Saturday, January 15, 2011

ANCESTORS 6– FIJI...MAGGIE AND THE MAN FROM INDIANA



A MARRIAGE IN FIJI

Undated - Maggie in the years before her marriage


The year is 1900, my Grandmother, Maggie Maud McGowan is about to marry her American sweetheart.  The bride is twenty three, the groom claims to be thirty.  The ceremony, presided over by a Wesleyan Minister, takes place in a small timber church in Levuka.  The bride is Fiji born, well known and liked by all, and the church is swamped with exotic orchids and tropical flowers. 

There is much excitement leading up to the ceremony. Maggie recalls the steady stream of gifts carried up the steep footpath to the Foreman home. The stone stairway of 199 steps is the only access from the esplanade below to the top of Mission Hill, above.  The setting is lush and verdant, fragrant with the heady perfume of flowering shrubs and tropical fruit. 



Levuka was as my grandmother described her childhood home. I last visited this sleepy little outpost in the late 1960’s when I explored up and down the stone stairway.  I still remember the expansion of sky and ocean sweeping beyond the small sleepy town to surrounding reef and ocean; the same breathtaking view Maggie and her mother Geraldine would have enjoyed all those years ago. 

It was on this visit I met a twelve year old who vividly remembered my grandparents 1900 wedding reception in the loft of the McGowan chandlers shop down on the esplanade, the dancing to music played on the groom’s wind-up gramophone; an added source of excitement and a first for Levuka.

Mind you when I met this man, Reg Patterson, he was well into his eighties and lived in a house at the top of that same 199 step walkway.

Reg Patterson -his garden and the view.  Levuka 1969-70

It’s significant that not everyone at the party viewed the wedding with delight.  Maggie’s brothers hadn’t warmed to the groom; their distrust was to last a lifetime. Was this simply because he was an American, a foreigner, to them a brash Yankee?

Or did the brothers, William, Alfred, Gordon and Andrew have more serious cause.  But Maggie had turned down various local suitors including one who became a future governor of Fiji and without a doubt had fallen deeply in love with the man with whom she would share the next forty four years. 

At that point, had Maggie looked into a crystal ball  she may well have had a change of heart, because there was much about the groom that neither she nor the McGowan boys knew about. 

For a start his real name was Bert Everett Brown, he was actually four years younger than the thirty years he stated on the marriage certificate, and on that same certificate he clearly claims his father, John William Brown is deceased when he is not.

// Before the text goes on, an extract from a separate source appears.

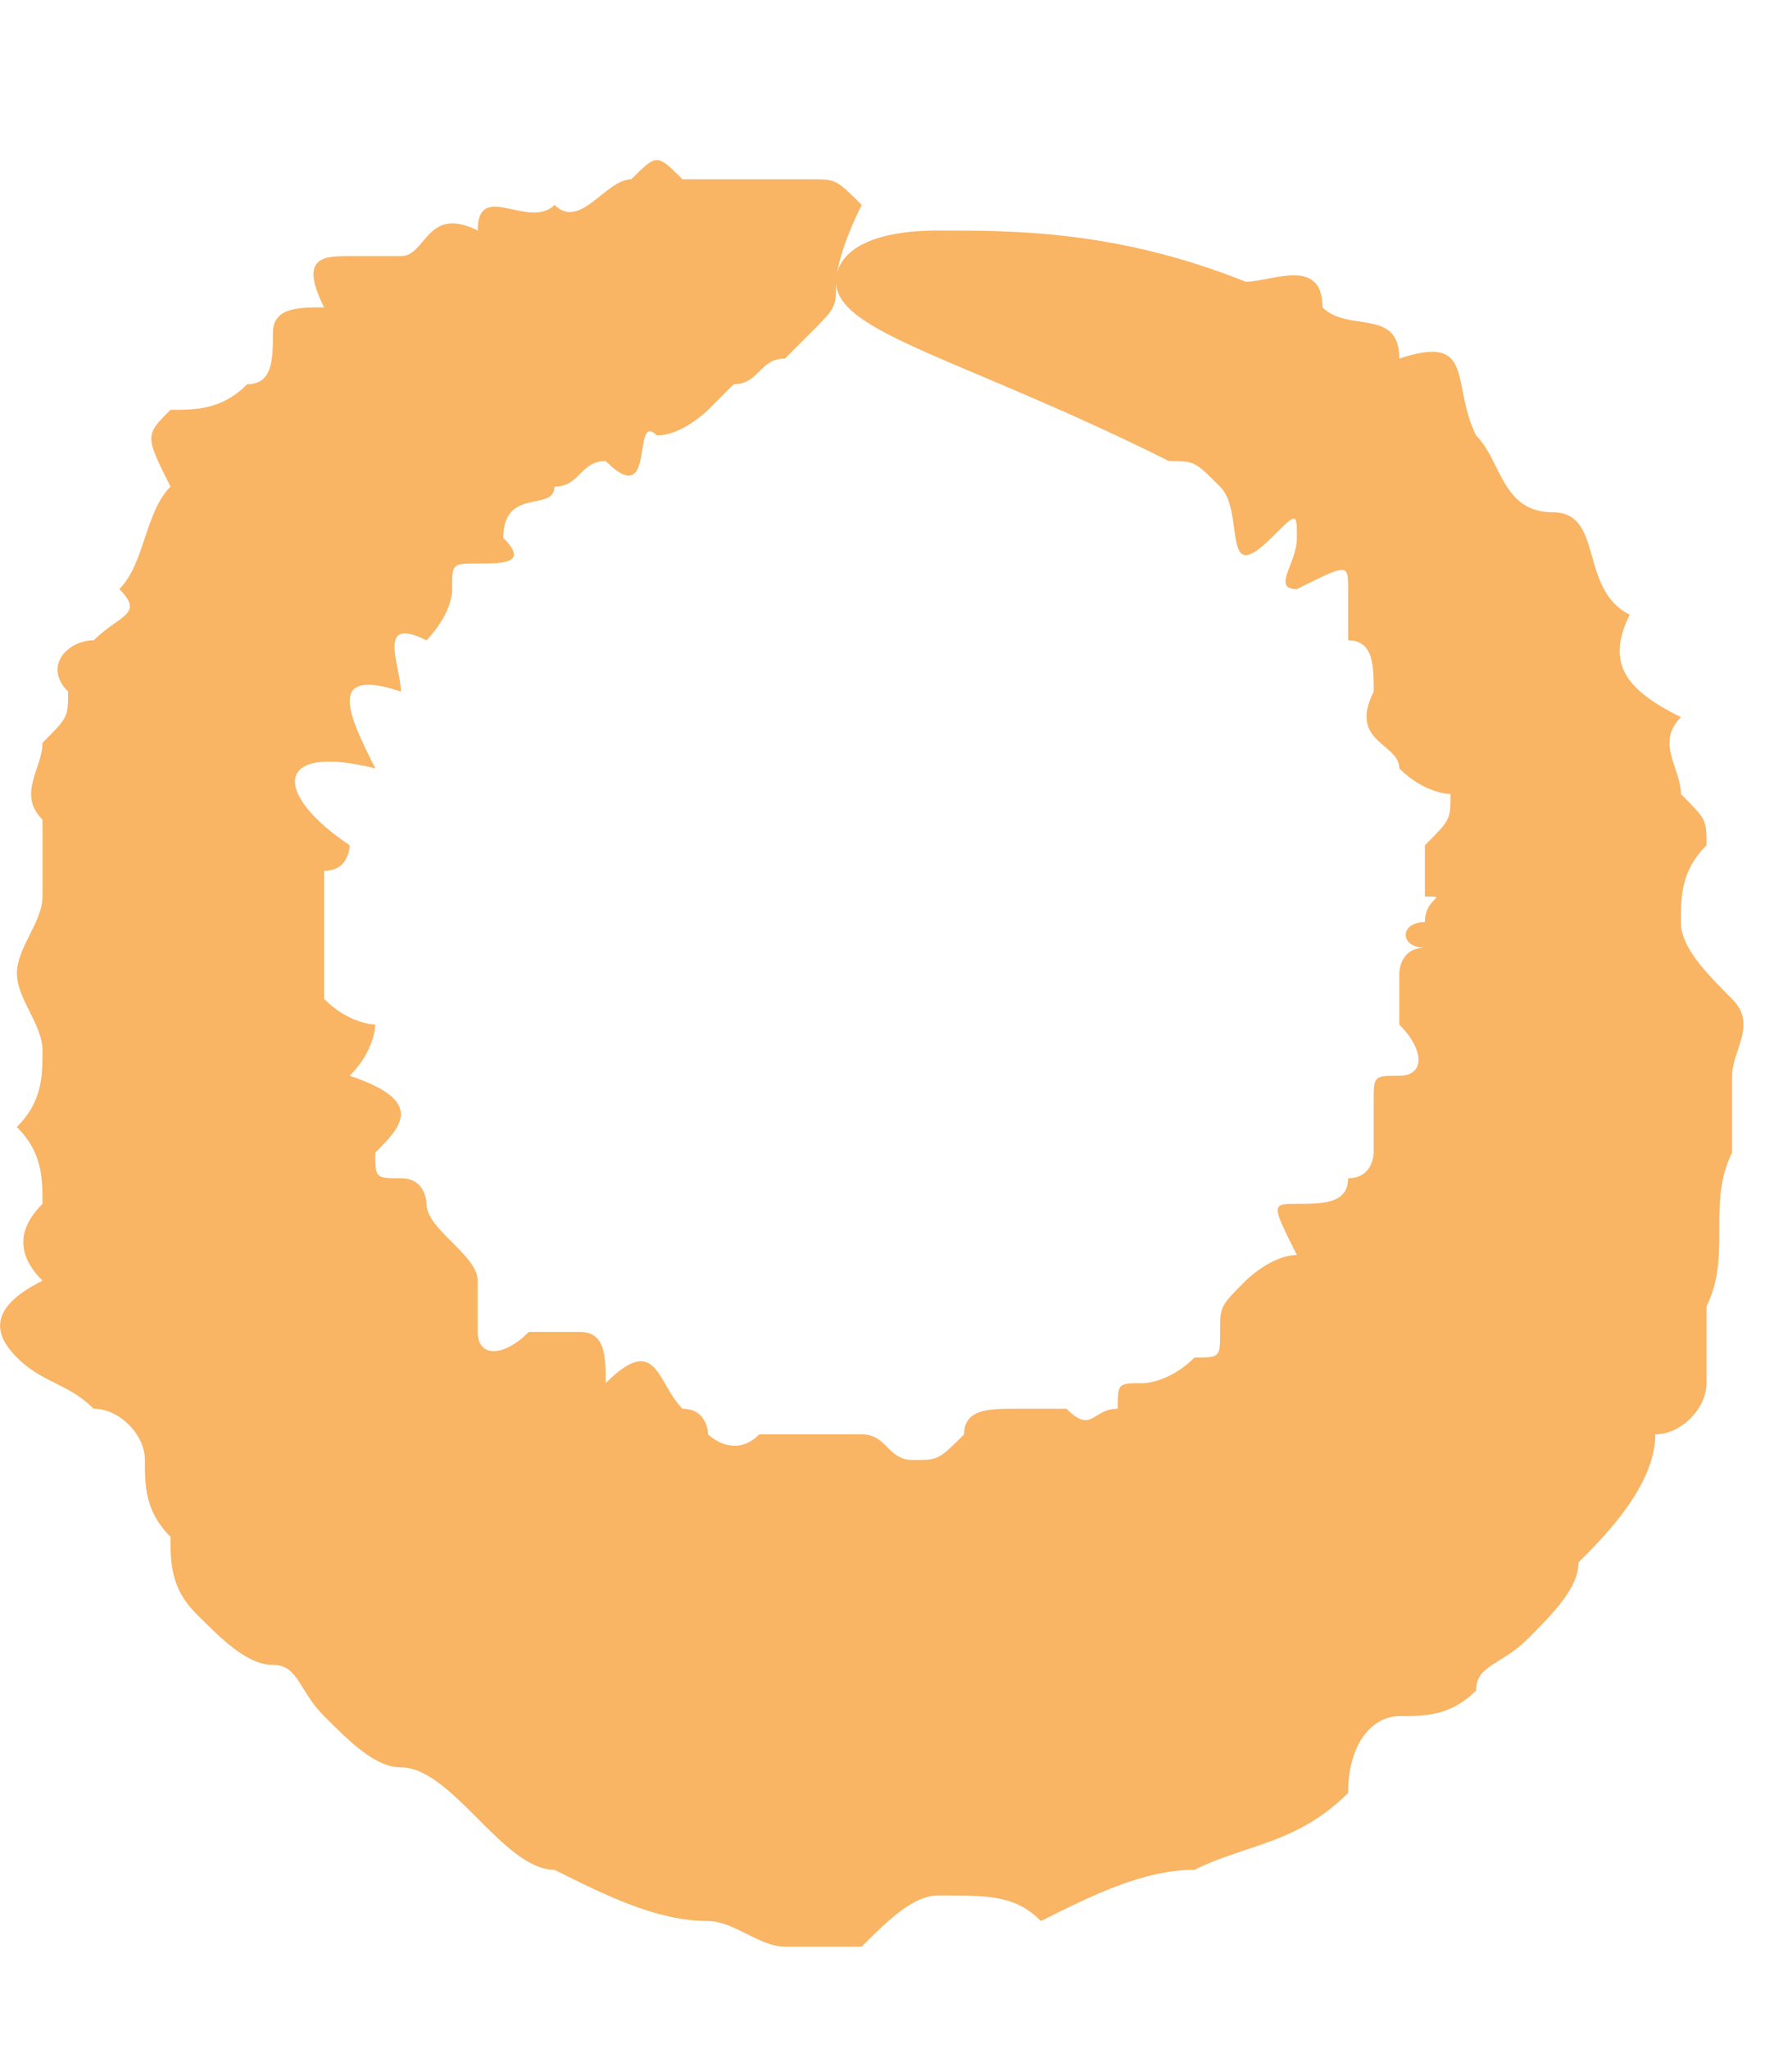 <?xml version="1.0" encoding="UTF-8"?> <svg xmlns="http://www.w3.org/2000/svg" width="7" height="8" viewBox="0 0 7 8" fill="none"> <path d="M3.266 1.1C3.266 1.2 3.266 1.2 3.166 1.3L3.066 1.4C2.966 1.4 2.966 1.5 2.866 1.5L2.766 1.6C2.766 1.6 2.666 1.7 2.566 1.7C2.466 1.6 2.566 2 2.366 1.8C2.266 1.8 2.266 1.9 2.166 1.9C2.166 2 1.966 1.9 1.966 2.1C2.066 2.2 1.966 2.2 1.866 2.2C1.766 2.2 1.766 2.2 1.766 2.3C1.766 2.4 1.666 2.5 1.666 2.5C1.466 2.4 1.566 2.6 1.566 2.7C1.266 2.6 1.366 2.8 1.466 3C1.066 2.9 1.066 3.1 1.366 3.3C1.366 3.3 1.366 3.4 1.266 3.4C1.266 3.4 1.266 3.5 1.266 3.6C1.266 3.7 1.266 3.7 1.266 3.8V3.9C1.366 4 1.466 4 1.466 4C1.466 4 1.466 4.1 1.366 4.2C1.666 4.3 1.566 4.4 1.466 4.5C1.466 4.6 1.466 4.6 1.566 4.6C1.666 4.6 1.666 4.7 1.666 4.7C1.666 4.8 1.866 4.9 1.866 5C1.866 5.1 1.866 5.2 1.866 5.2C1.866 5.3 1.966 5.3 2.066 5.2C2.166 5.2 2.166 5.2 2.266 5.2C2.366 5.2 2.366 5.3 2.366 5.4C2.566 5.2 2.566 5.4 2.666 5.5C2.766 5.5 2.766 5.6 2.766 5.6C2.766 5.6 2.866 5.7 2.966 5.6C3.066 5.6 3.066 5.6 3.166 5.6C3.266 5.6 3.266 5.6 3.366 5.6C3.466 5.6 3.466 5.7 3.566 5.7C3.666 5.7 3.666 5.7 3.766 5.6C3.766 5.5 3.866 5.5 3.966 5.5C4.066 5.5 4.066 5.5 4.166 5.5C4.266 5.6 4.266 5.5 4.366 5.5C4.366 5.4 4.366 5.4 4.466 5.4C4.466 5.4 4.566 5.4 4.666 5.3C4.766 5.3 4.766 5.3 4.766 5.2C4.766 5.1 4.766 5.1 4.866 5C4.866 5 4.966 4.9 5.066 4.9C4.966 4.7 4.966 4.7 5.066 4.7C5.166 4.7 5.266 4.7 5.266 4.6C5.366 4.6 5.366 4.5 5.366 4.5C5.366 4.4 5.366 4.4 5.366 4.3C5.366 4.2 5.366 4.2 5.466 4.2C5.566 4.2 5.566 4.1 5.466 4C5.466 4 5.466 3.9 5.466 3.8C5.466 3.8 5.466 3.7 5.566 3.7C5.466 3.7 5.466 3.6 5.566 3.6C5.566 3.5 5.666 3.5 5.566 3.5V3.4V3.3C5.666 3.2 5.666 3.2 5.666 3.1C5.666 3.1 5.566 3.1 5.466 3C5.466 2.9 5.266 2.9 5.366 2.7C5.366 2.6 5.366 2.5 5.266 2.5C5.266 2.5 5.266 2.4 5.266 2.3C5.266 2.2 5.266 2.2 5.066 2.3C4.966 2.3 5.066 2.2 5.066 2.1C5.066 2 5.066 2 4.966 2.1C4.766 2.3 4.866 2 4.766 1.9C4.666 1.8 4.666 1.8 4.566 1.8C3.766 1.4 3.266 1.3 3.266 1.1C3.266 1 3.366 0.9 3.666 0.9C3.966 0.9 4.366 0.9 4.866 1.1C4.966 1.1 5.166 1 5.166 1.2C5.266 1.3 5.466 1.2 5.466 1.4C5.766 1.3 5.666 1.5 5.766 1.7C5.866 1.8 5.866 2 6.066 2C6.266 2 6.166 2.3 6.366 2.4C6.266 2.6 6.366 2.7 6.566 2.8C6.466 2.9 6.566 3 6.566 3.1C6.666 3.2 6.666 3.2 6.666 3.3C6.566 3.4 6.566 3.5 6.566 3.6C6.566 3.7 6.666 3.8 6.766 3.9C6.866 4 6.766 4.1 6.766 4.2C6.766 4.3 6.766 4.4 6.766 4.5C6.666 4.7 6.766 4.9 6.666 5.1C6.666 5.2 6.666 5.3 6.666 5.4C6.666 5.5 6.566 5.6 6.466 5.6C6.466 5.8 6.266 6 6.166 6.1C6.166 6.2 6.066 6.3 5.966 6.4C5.866 6.5 5.766 6.5 5.766 6.6C5.666 6.7 5.566 6.7 5.466 6.7C5.366 6.7 5.266 6.8 5.266 7C5.066 7.2 4.866 7.2 4.666 7.3C4.466 7.3 4.266 7.4 4.066 7.5C3.966 7.4 3.866 7.4 3.666 7.4C3.566 7.4 3.466 7.5 3.366 7.6C3.266 7.6 3.166 7.6 3.066 7.6C2.966 7.6 2.866 7.5 2.766 7.5C2.566 7.5 2.366 7.4 2.166 7.3C2.066 7.3 1.966 7.2 1.866 7.1C1.766 7 1.666 6.9 1.566 6.9C1.466 6.9 1.366 6.8 1.266 6.7C1.166 6.6 1.166 6.5 1.066 6.5C0.966 6.5 0.866 6.4 0.766 6.3C0.666 6.2 0.666 6.1 0.666 6C0.566 5.9 0.566 5.8 0.566 5.7C0.566 5.6 0.466 5.5 0.366 5.5C0.266 5.4 0.166 5.4 0.066 5.3C-0.034 5.2 -0.034 5.1 0.166 5C0.066 4.9 0.066 4.8 0.166 4.7C0.166 4.6 0.166 4.5 0.066 4.4C0.166 4.3 0.166 4.2 0.166 4.1C0.166 4 0.066 3.9 0.066 3.8C0.066 3.7 0.166 3.6 0.166 3.5C0.166 3.4 0.166 3.3 0.166 3.2C0.066 3.1 0.166 3 0.166 2.9C0.266 2.8 0.266 2.8 0.266 2.7C0.166 2.6 0.266 2.5 0.366 2.5C0.466 2.4 0.566 2.4 0.466 2.3C0.566 2.2 0.566 2 0.666 1.9C0.566 1.7 0.566 1.7 0.666 1.6C0.766 1.6 0.866 1.6 0.966 1.5C1.066 1.5 1.066 1.4 1.066 1.3C1.066 1.2 1.166 1.2 1.266 1.2C1.166 1 1.266 1 1.366 1C1.466 1 1.566 1 1.566 1C1.666 1 1.666 0.8 1.866 0.9C1.866 0.7 2.066 0.9 2.166 0.8C2.266 0.9 2.366 0.7 2.466 0.7C2.566 0.6 2.566 0.6 2.666 0.7C2.766 0.7 2.766 0.7 2.866 0.7C2.966 0.7 3.066 0.7 3.166 0.7C3.266 0.7 3.266 0.7 3.366 0.8C3.266 1 3.266 1.1 3.266 1.1Z" fill="#F9B464"></path> </svg>

Chas, as he prefers to be called, is perhaps a little nervous during the ceremony, he appears to have started forming a B for Bert on his signature, before realising his mistake and heavily embellishing over it a flamboyant C for Charles.  Their marriage launches Mr and Mrs Charles Nelson Brown on their new life together, but on the very next day a small, very small notice in the Fiji Times announces the wedding of Madge Maud McGowan to Charles Nelson Brown-Parker.



 
 The McGowan brothers couldn’t have known Chas was using a false name but surely they were disturbed by the surprising addition of Parker immediately after the wedding.  Was this just one added reason to feel anxious about Maggie’s new husband?

Bert or Charles, which was it to be? We in this modern world know his real name was Bert, though it took nearly a century to find that out.  And only because my observant cousin Barbara, while cleaning out her deceased father’s papers, uncovered a letter from a sister in Indiana to her brother, Bert Brown, in Sydney written in the 1930’s.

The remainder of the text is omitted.